→ RECORD SET:

===============

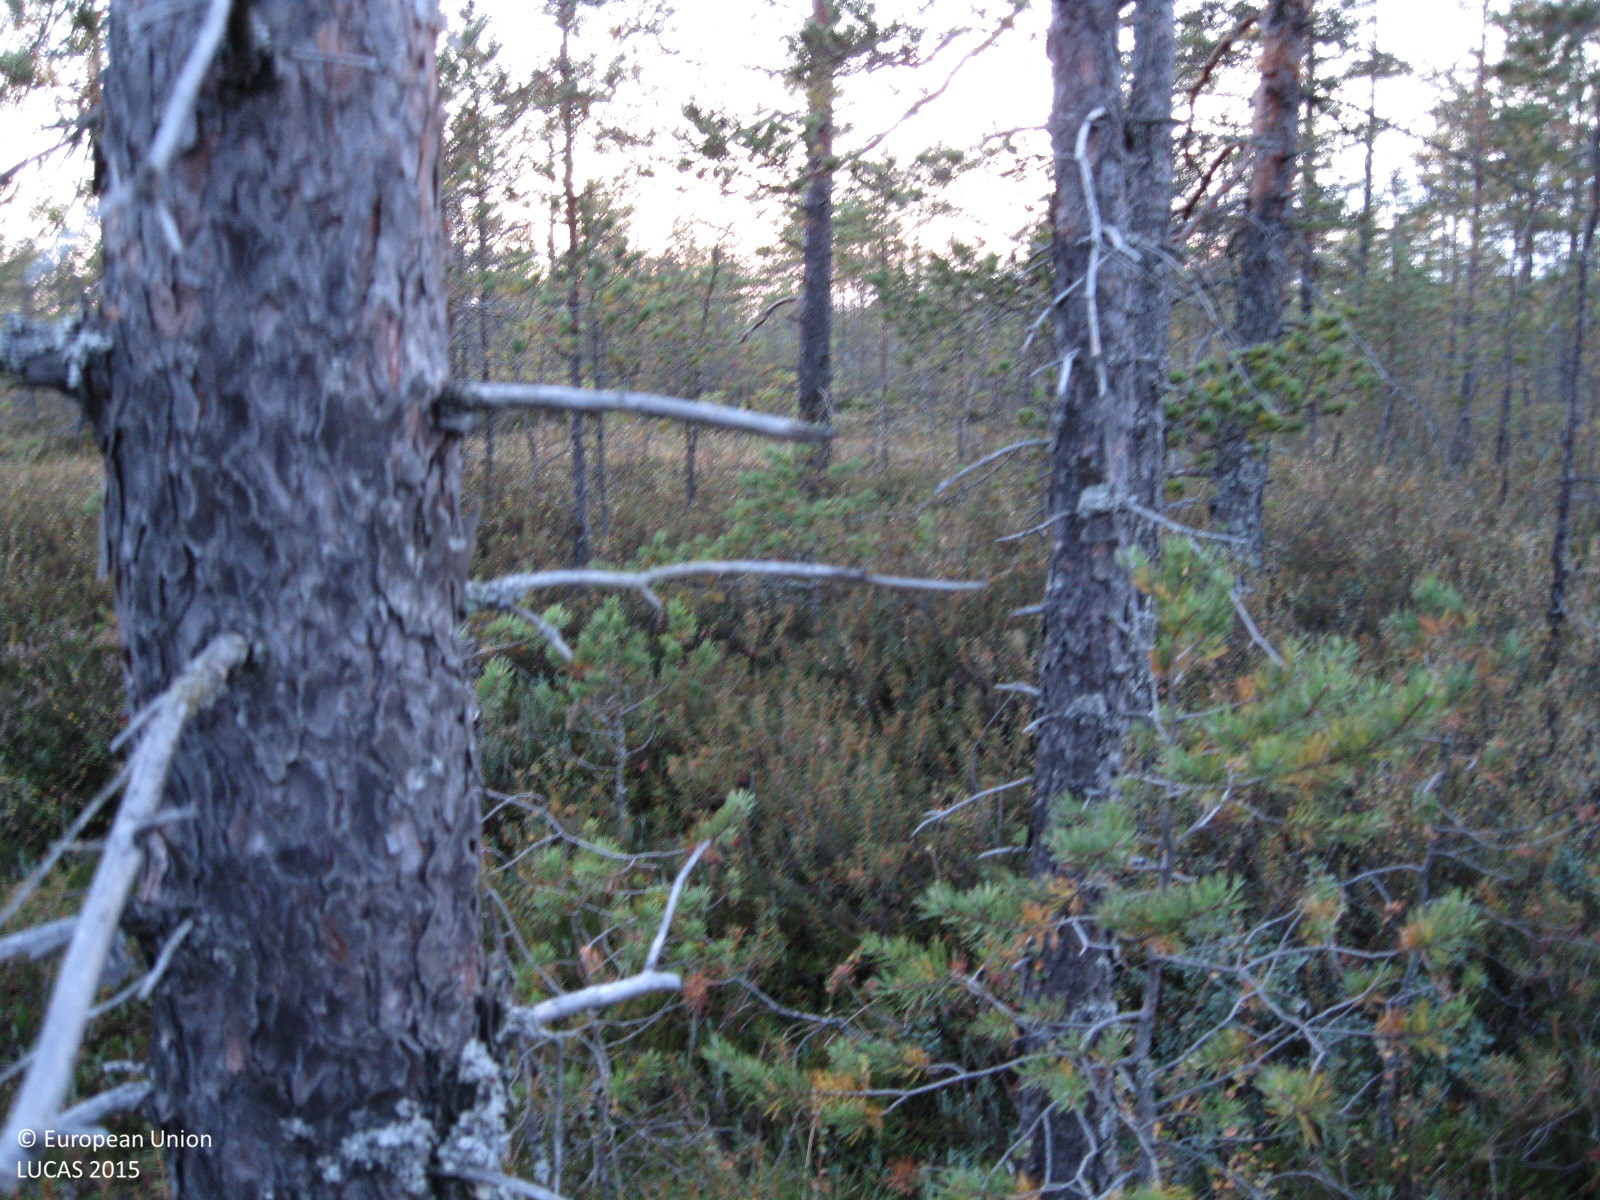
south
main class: Woodland
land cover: Pine dominated coniferous woodland
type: mire and swamp forests
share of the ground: 25 - 50 %
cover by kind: coniferous forest trees 45 %, shrubs 35 %, lichens and mosses 20 %
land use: Semi-natural and natural areas not in use
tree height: > 5 m
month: September
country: FI
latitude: 60.5906
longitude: 24.7715
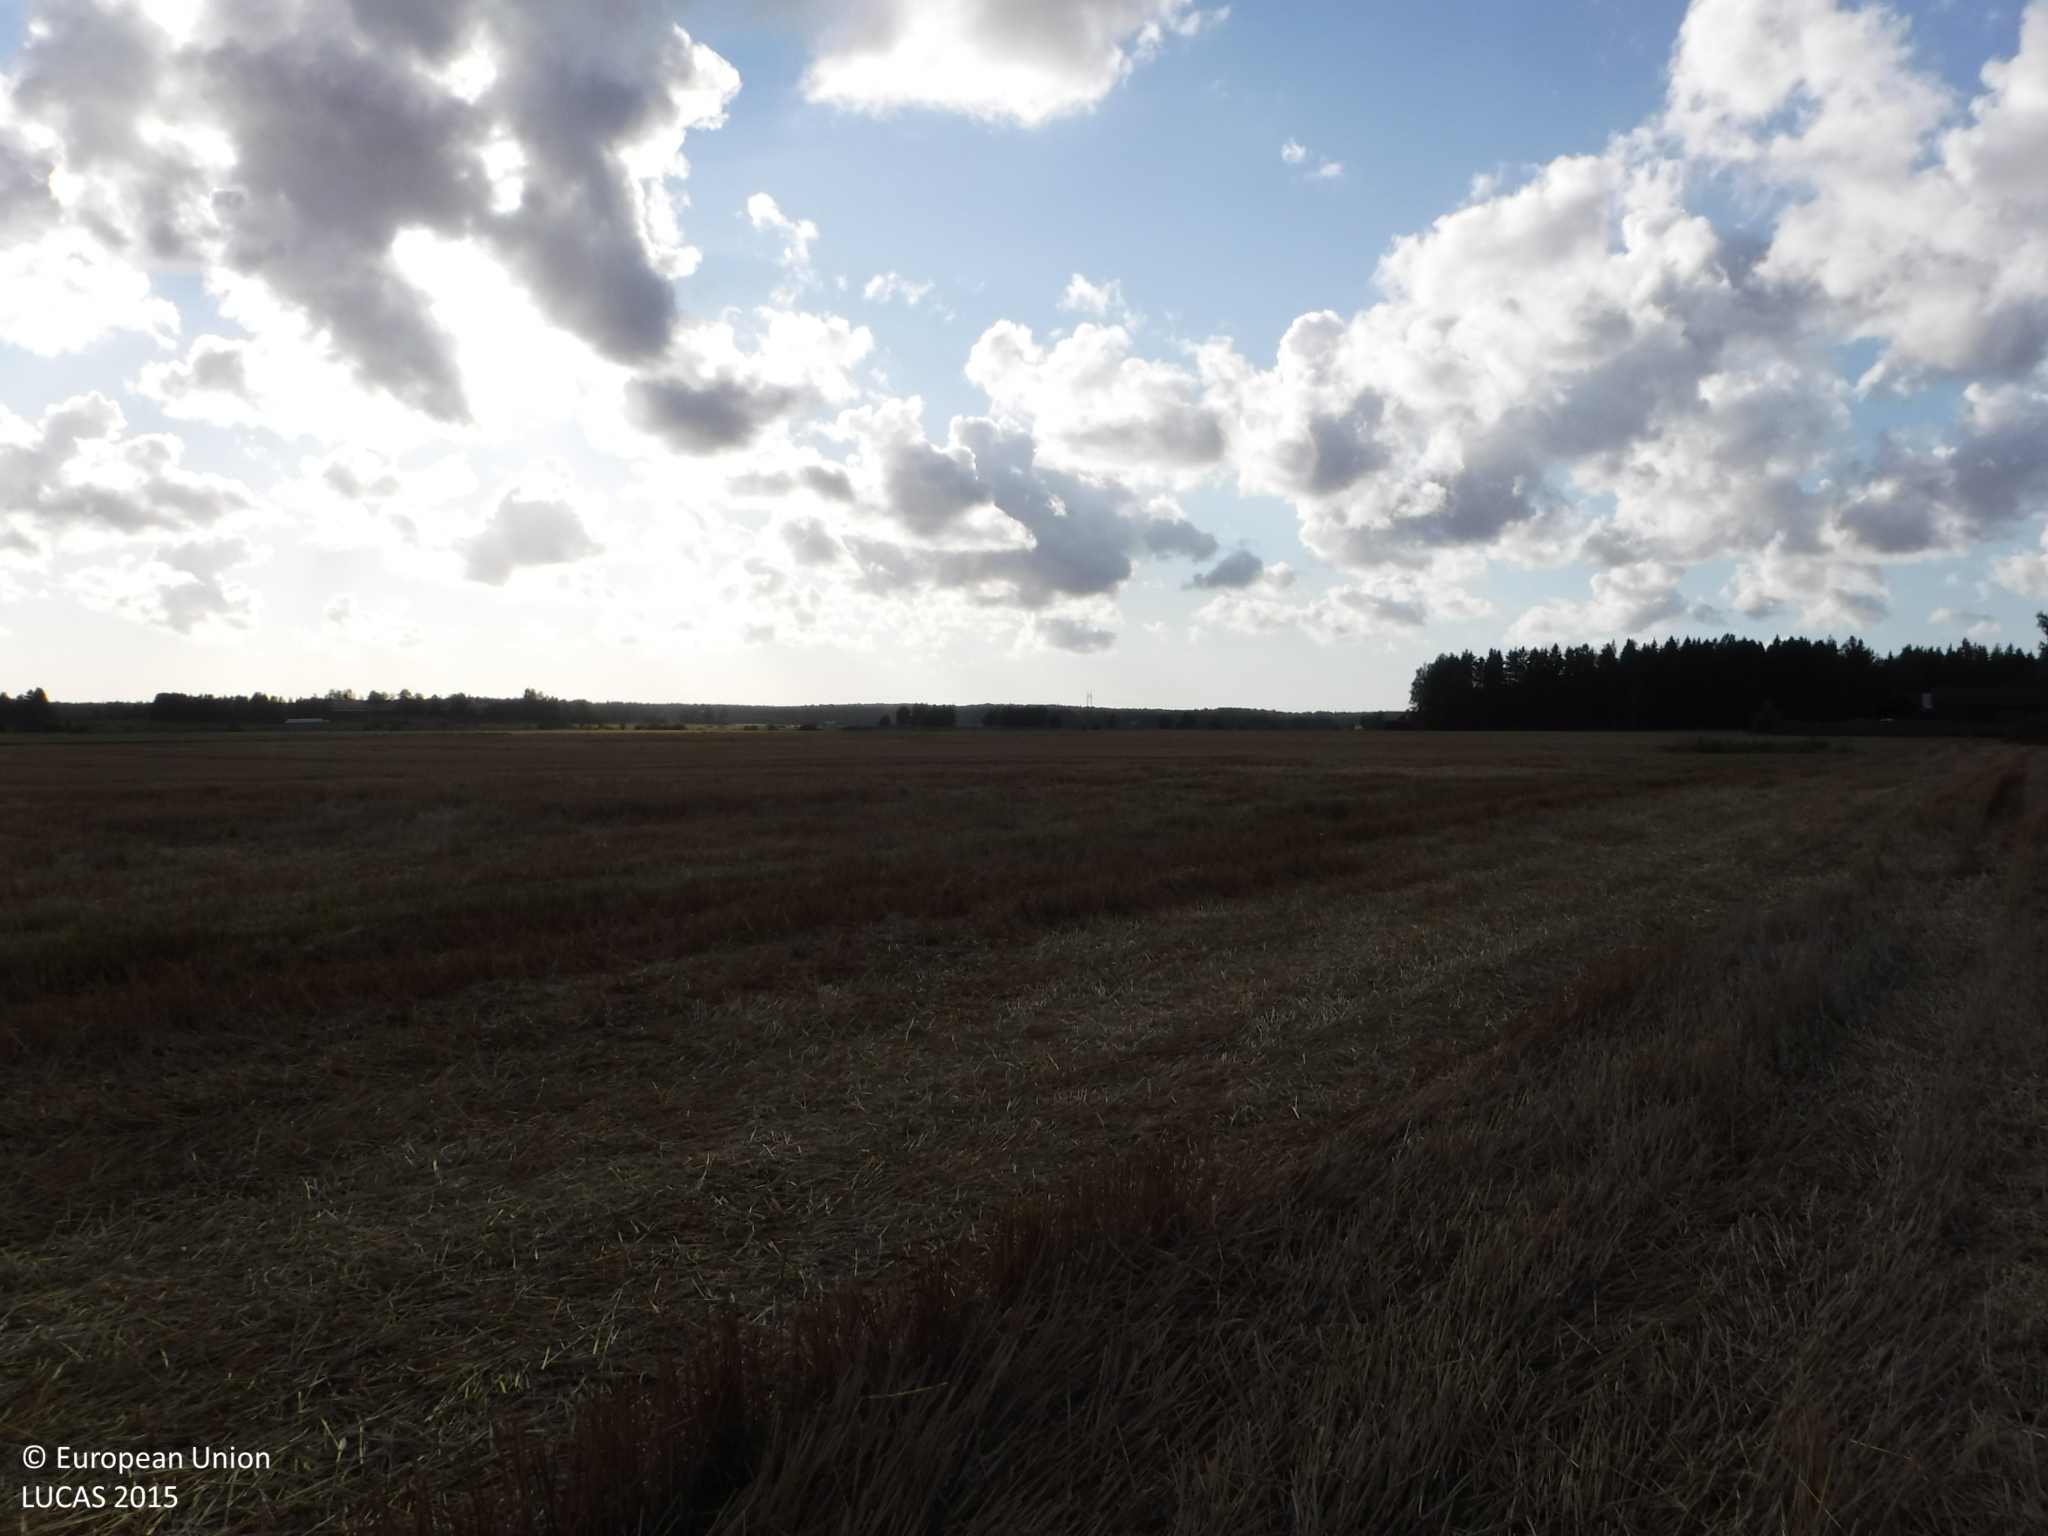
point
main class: Cropland
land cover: Rye
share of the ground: > 75 %
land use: Agriculture (excluding fallow land and kitchen gardens)
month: August
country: FI
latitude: 61.2471
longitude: 22.0794
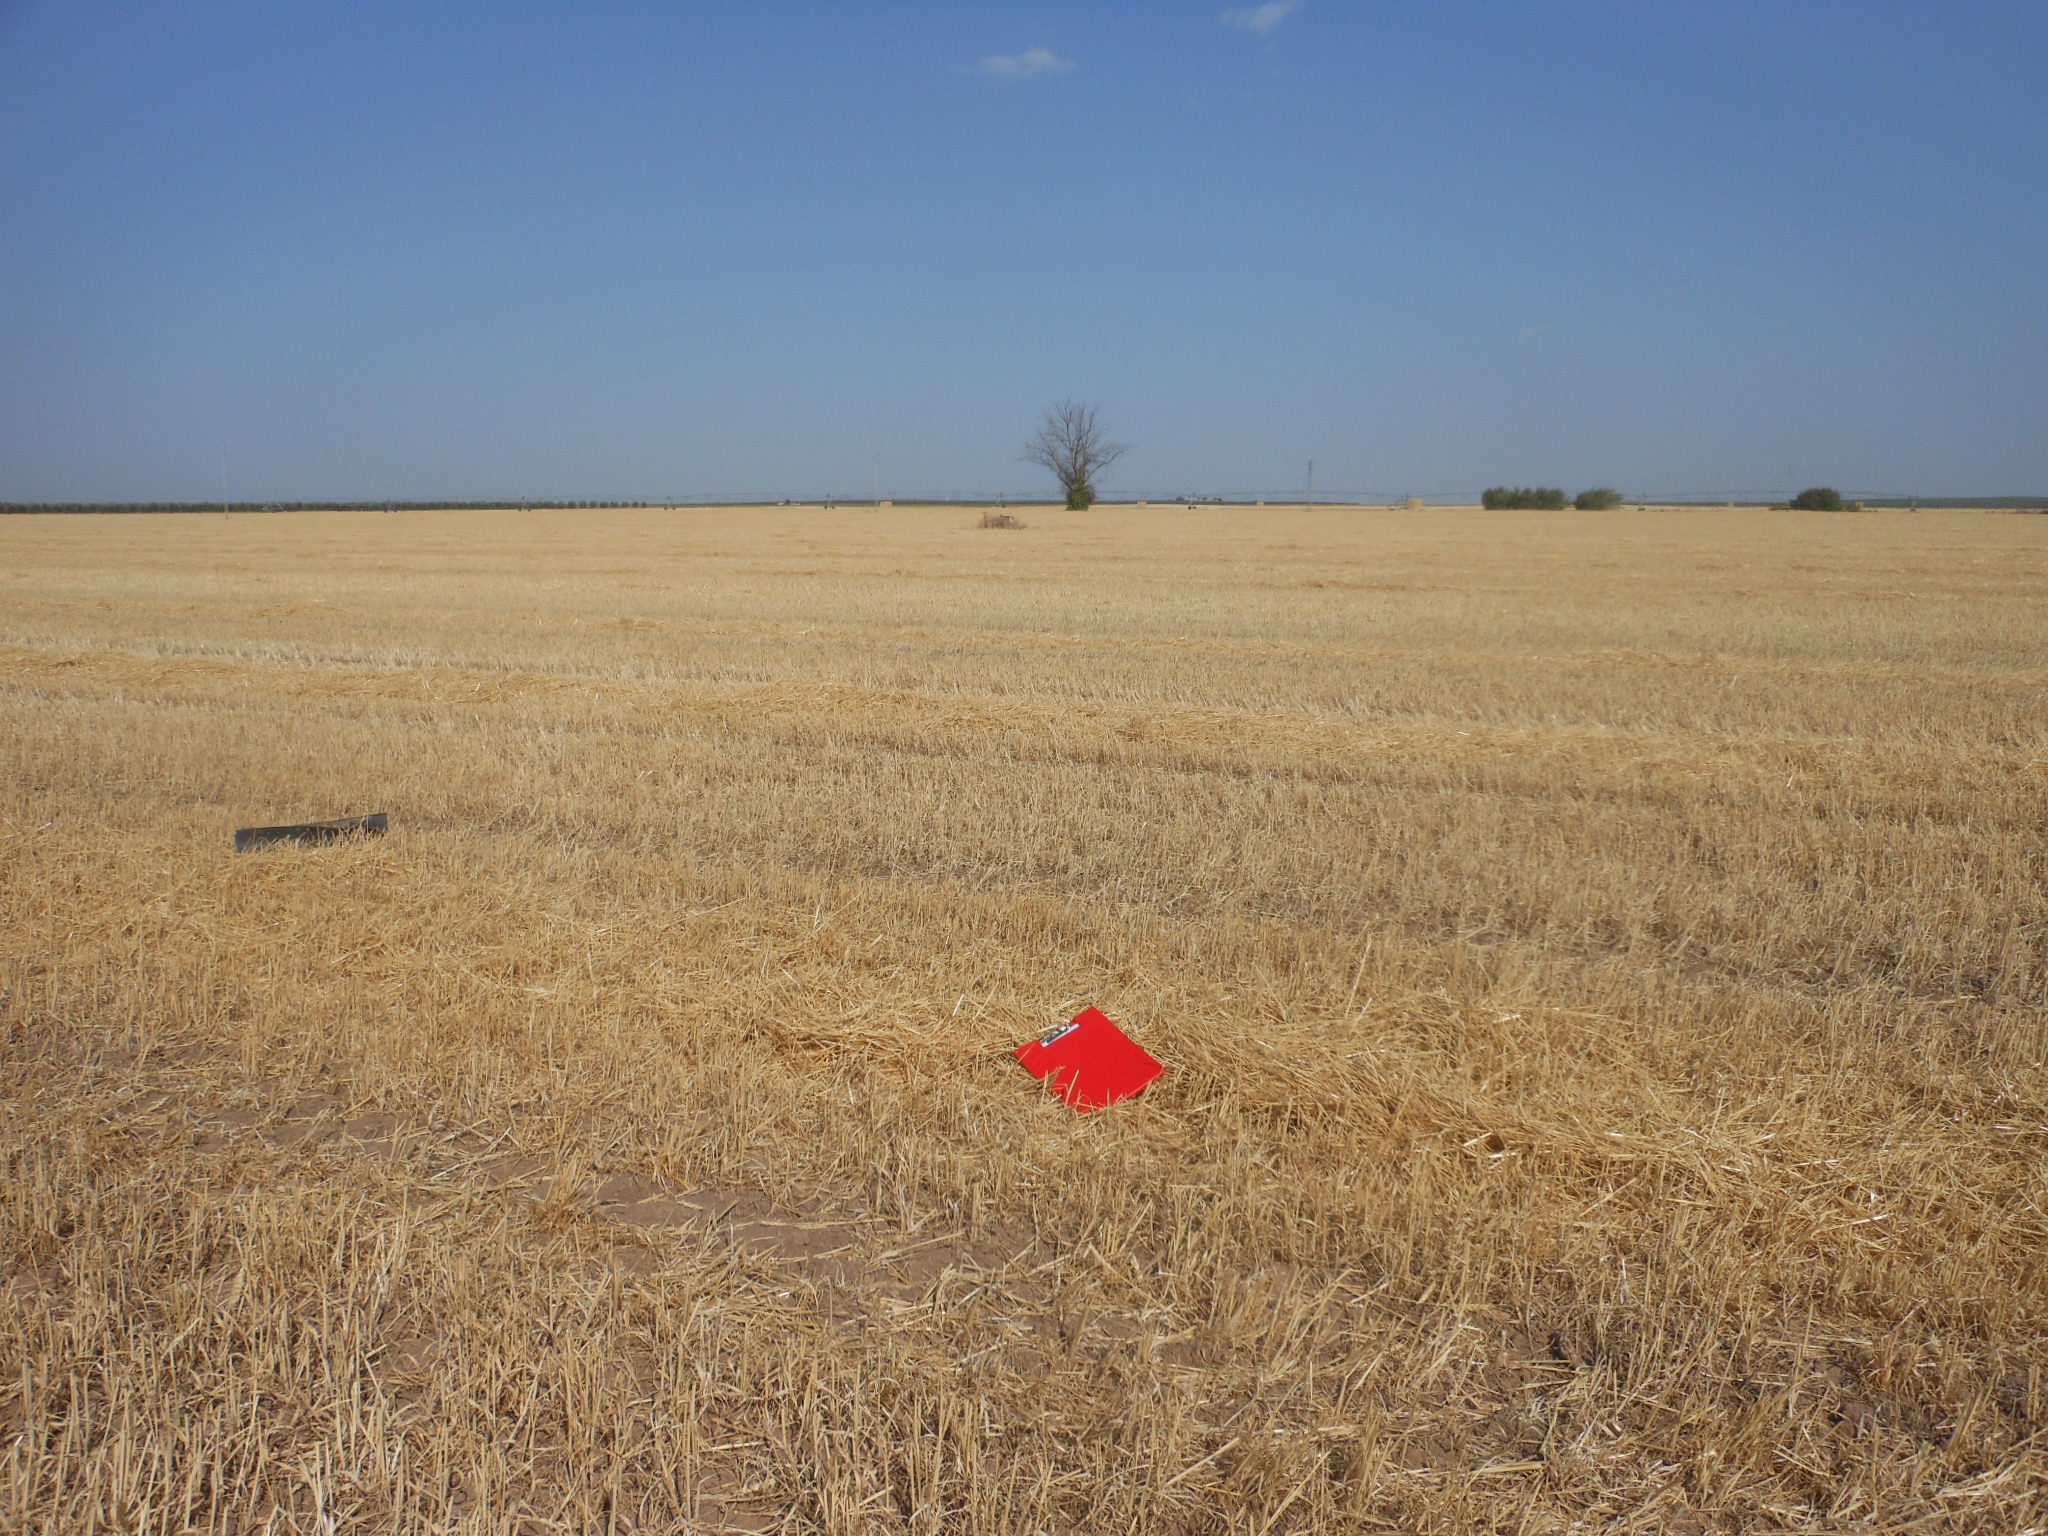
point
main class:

===============

→ EXERCISE GOAL:
For this exercise, set down exactly the lines that run from the line holding "main class: Woodland" to the last line of the records above; include both end lines and omit pictures.

→ ANSWER:
main class: Woodland
land cover: Pine dominated coniferous woodland
type: mire and swamp forests
share of the ground: 25 - 50 %
cover by kind: coniferous forest trees 45 %, shrubs 35 %, lichens and mosses 20 %
land use: Semi-natural and natural areas not in use
tree height: > 5 m
month: September
country: FI
latitude: 60.5906
longitude: 24.7715
point
main class: Cropland
land cover: Rye
share of the ground: > 75 %
land use: Agriculture (excluding fallow land and kitchen gardens)
month: August
country: FI
latitude: 61.2471
longitude: 22.0794
point
main class:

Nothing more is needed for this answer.